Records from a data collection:
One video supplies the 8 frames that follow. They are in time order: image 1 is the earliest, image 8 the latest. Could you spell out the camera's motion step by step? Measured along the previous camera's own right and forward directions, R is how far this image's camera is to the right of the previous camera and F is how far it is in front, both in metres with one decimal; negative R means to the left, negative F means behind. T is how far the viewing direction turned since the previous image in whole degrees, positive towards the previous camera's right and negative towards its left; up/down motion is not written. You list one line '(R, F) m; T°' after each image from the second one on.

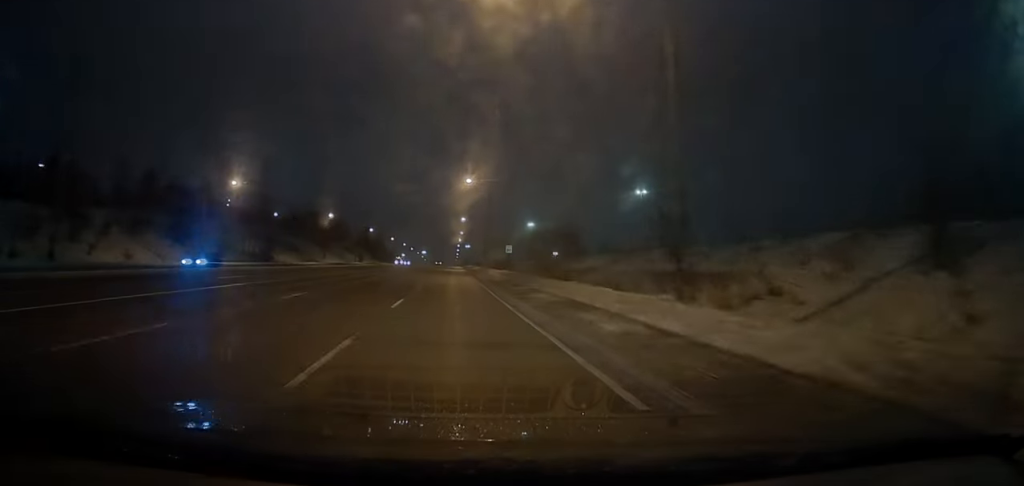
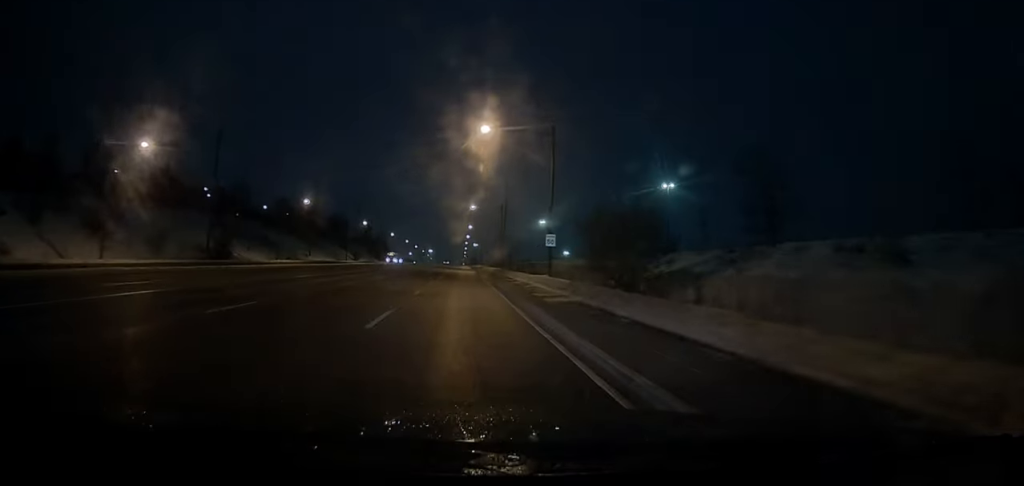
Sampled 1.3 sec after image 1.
(-0.1, +22.6) m; -1°
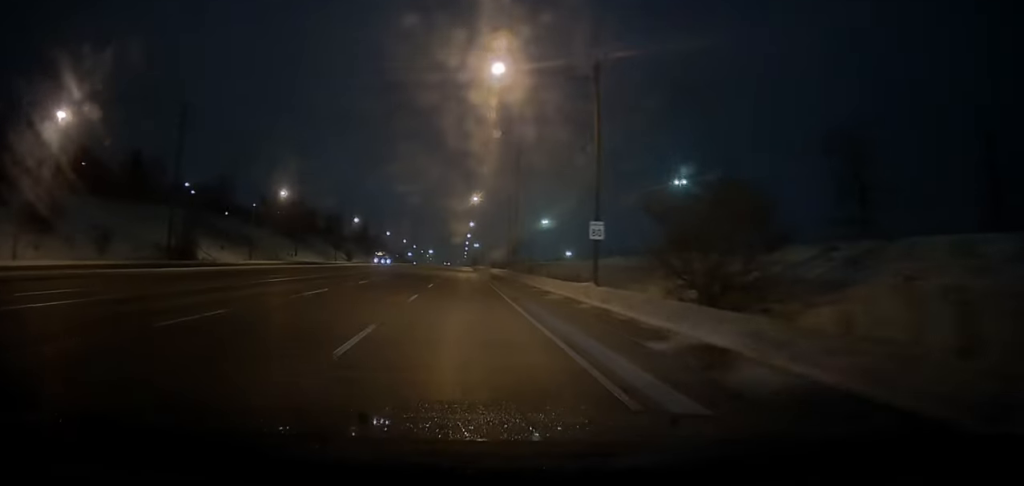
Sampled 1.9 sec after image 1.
(0.0, +11.9) m; 0°
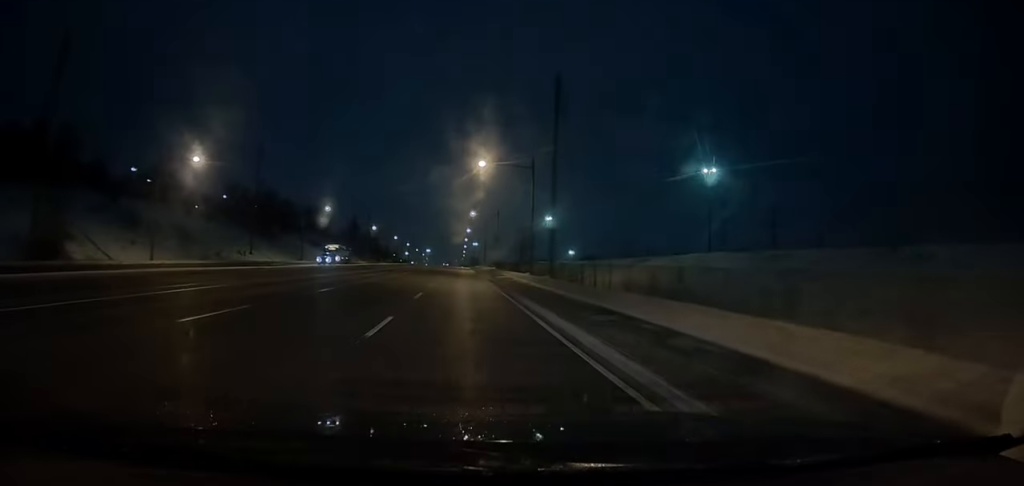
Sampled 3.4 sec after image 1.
(-0.2, +26.1) m; 0°
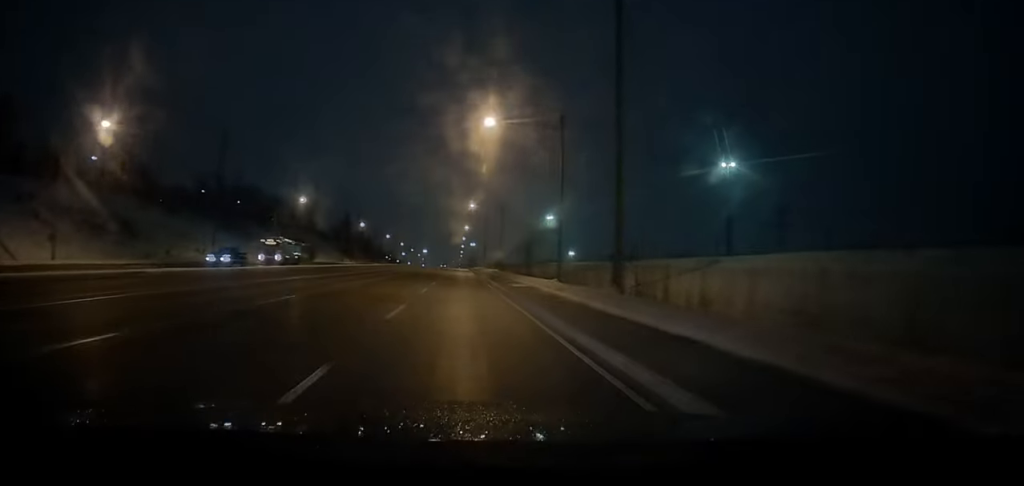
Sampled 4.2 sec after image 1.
(0.0, +14.8) m; 0°
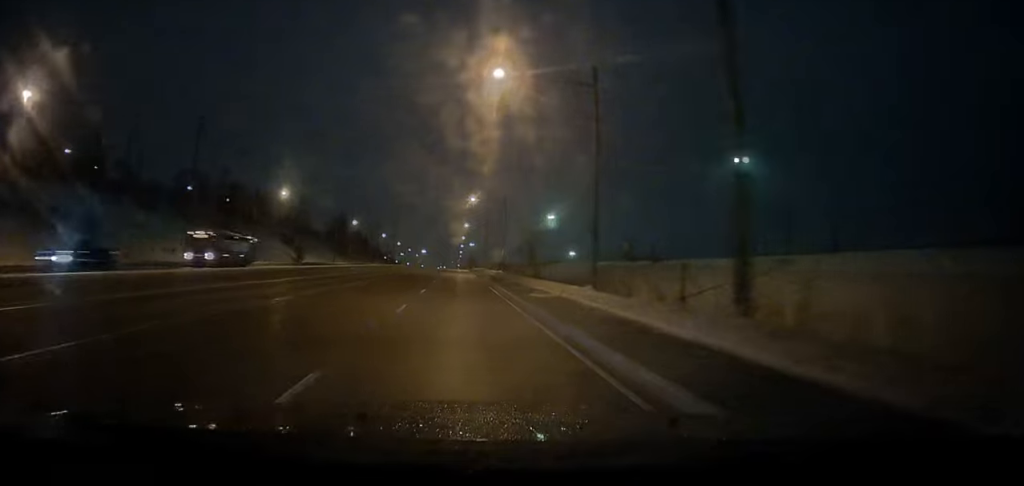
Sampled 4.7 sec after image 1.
(0.0, +8.9) m; 0°
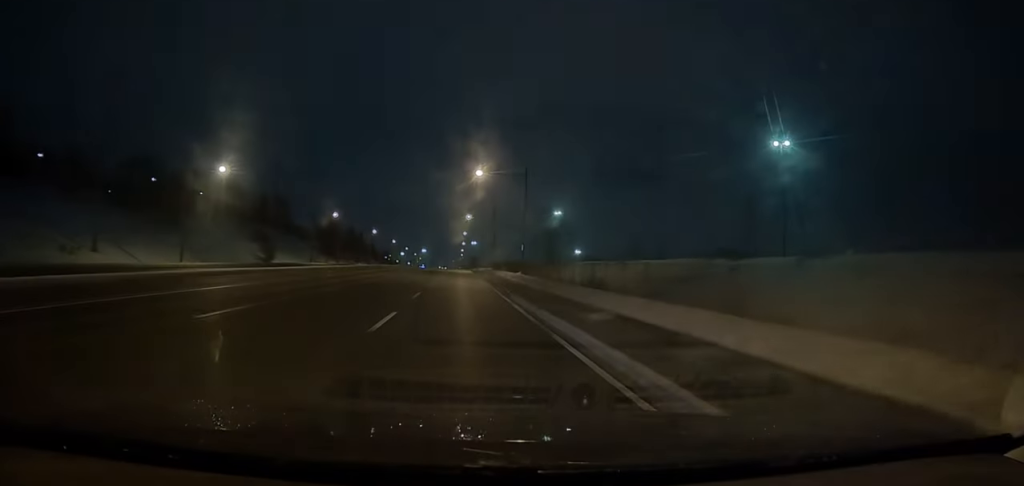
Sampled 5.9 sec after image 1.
(+0.3, +21.4) m; +1°
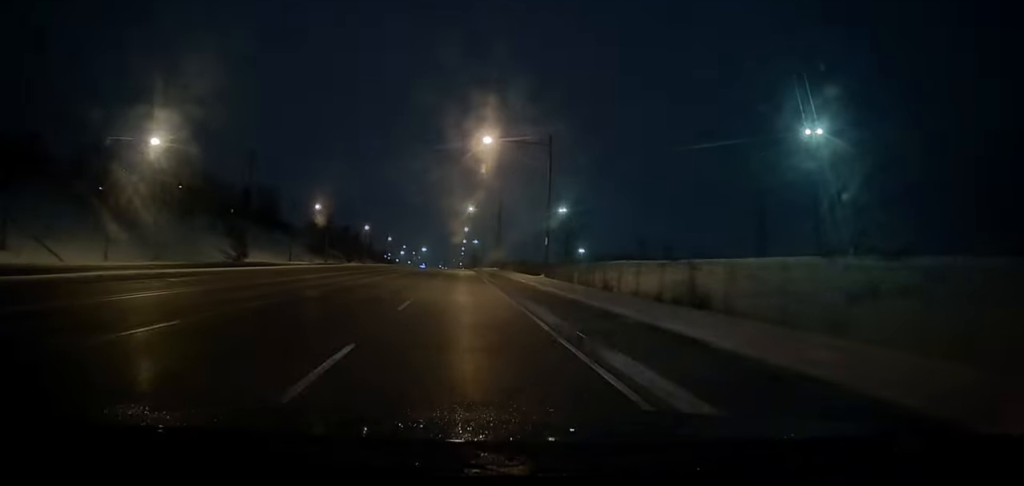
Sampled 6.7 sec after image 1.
(0.0, +14.3) m; 0°

Your goal: Output exactly, and only, the lines running from the line containing "Sampled 3.4 sec after image 1." to the last line of the entries above, omitting the pictures.

The completed task:
Sampled 3.4 sec after image 1.
(-0.2, +26.1) m; 0°
Sampled 4.2 sec after image 1.
(0.0, +14.8) m; 0°
Sampled 4.7 sec after image 1.
(0.0, +8.9) m; 0°
Sampled 5.9 sec after image 1.
(+0.3, +21.4) m; +1°
Sampled 6.7 sec after image 1.
(0.0, +14.3) m; 0°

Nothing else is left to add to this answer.